*TASK BRIEF*:
Starting from the first line below, count every line holding the word "underlined", then state the total alone.

--------

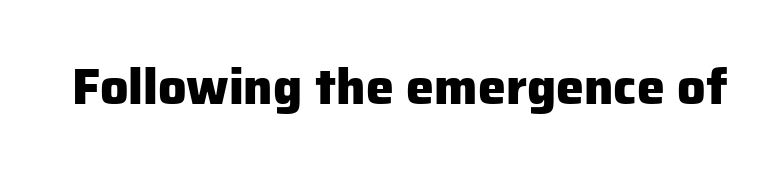
Q: Is the text bold? A: Yes.
Q: Is the text italic (slanted)? A: No, it is upright.
Q: Is the typeface a serif or a sans-serif typeface? A: Sans-serif.
Q: Is the text underlined? A: No.
Q: Is the spacing between letters normal or unusually wide? A: Normal.
Q: Width (condensed, normal, or wide)? A: Normal.
Q: Stroke contrast? A: Low.
Q: x-height? A: Medium.
Q: Monospaced? A: No.
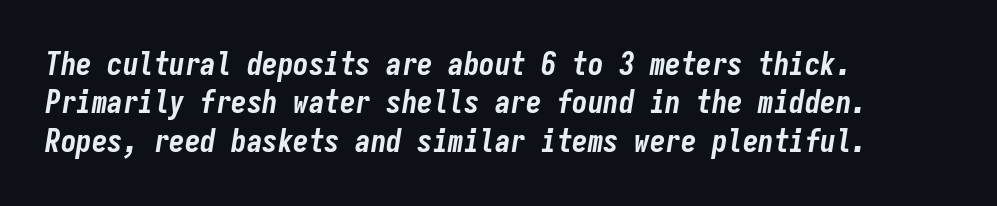
The image shows 31 px bold, condensed type, italic (leaning right), monospaced; set left-aligned, line spacing 1.24x, normal letter spacing, not underlined; low stroke contrast and a medium x-height.
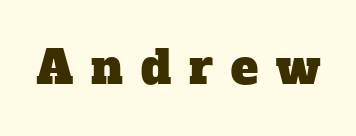
These lines are rendered in a variable-pitch font. This sample uses expanded letter spacing, leaving extra air between glyphs. Underline: absent. Type style note: has serifs.
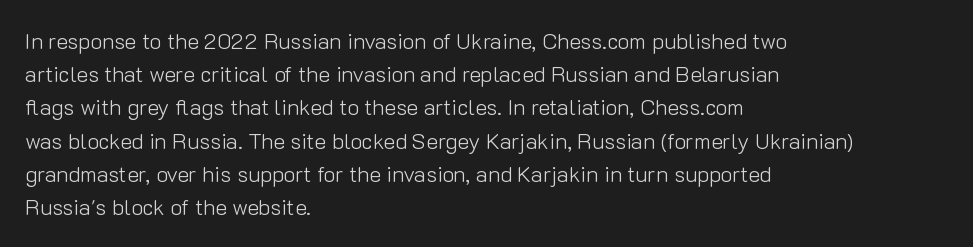
The image shows 22 px text type, upright; set left-aligned, normal line spacing (1.51x), normal letter spacing, not underlined.
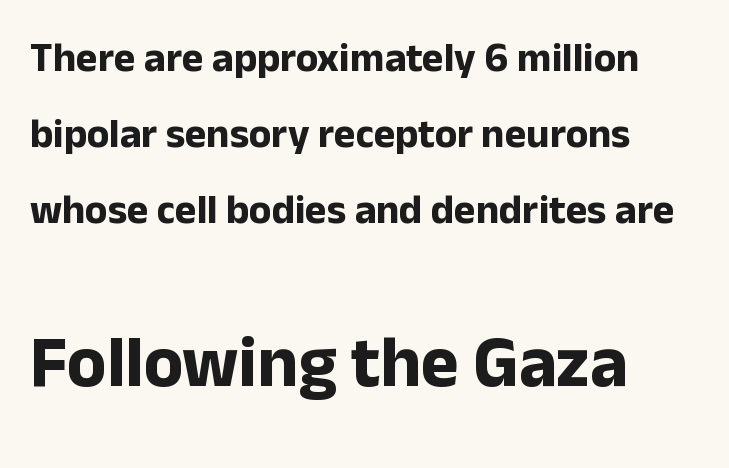
Q: Is the text bold? A: Yes.
Q: Is the text italic (slanted)? A: No, it is upright.
Q: Is the typeface a serif or a sans-serif typeface? A: Sans-serif.
Q: Is the text underlined? A: No.
Q: How is the paragraph aligned? A: Left-aligned.
Q: Is the spacing between letters normal or unusually wide? A: Normal.
Q: Which block of text is set in a larger size, the first (top) or the second (bottom)? A: The second (bottom) one.
Q: Width (condensed, normal, or wide)? A: Normal.
Q: Stroke contrast? A: Low.
Q: x-height? A: Medium.
Q: Monospaced? A: No.
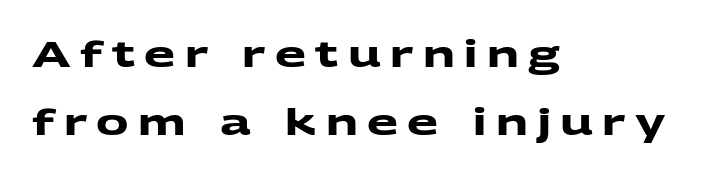
{"serif": "no", "bold": "yes", "weight": "heavy", "width": "wide", "stroke_contrast": "medium", "x_height": "medium", "monospaced": "no", "underline": "no", "align": "left", "line_spacing_ratio": 1.88, "letter_spacing": "wide", "letter_spacing_em": 0.26, "glyph_px": 36}
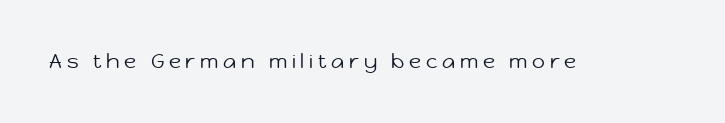
{"italic": "no", "bold": "no", "underline": "no", "letter_spacing": "wide", "letter_spacing_em": 0.24, "glyph_px": 20}
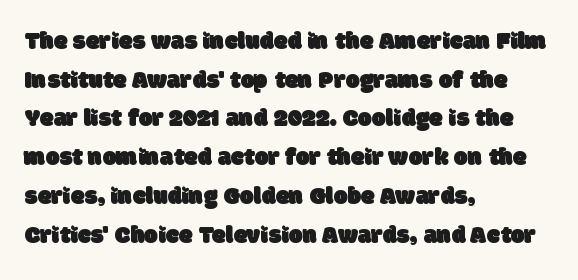
Horizontal alignment here is leftward, the default for most running prose. A typesetter would call this leading conventional body-copy spacing. The rendering keeps characters at their native spacing. Type without underlining.
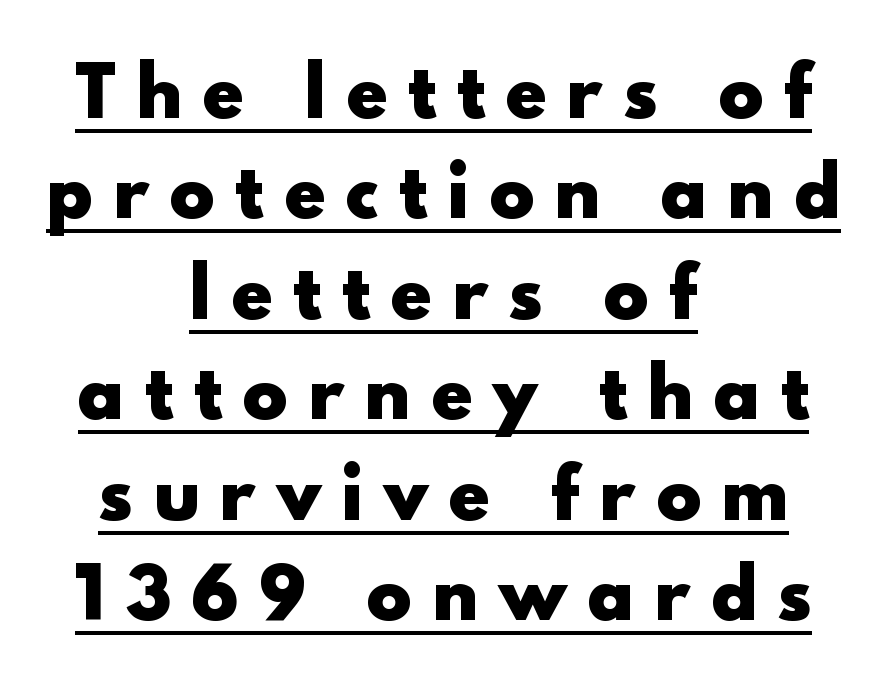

--------

*RESPONSE*:
4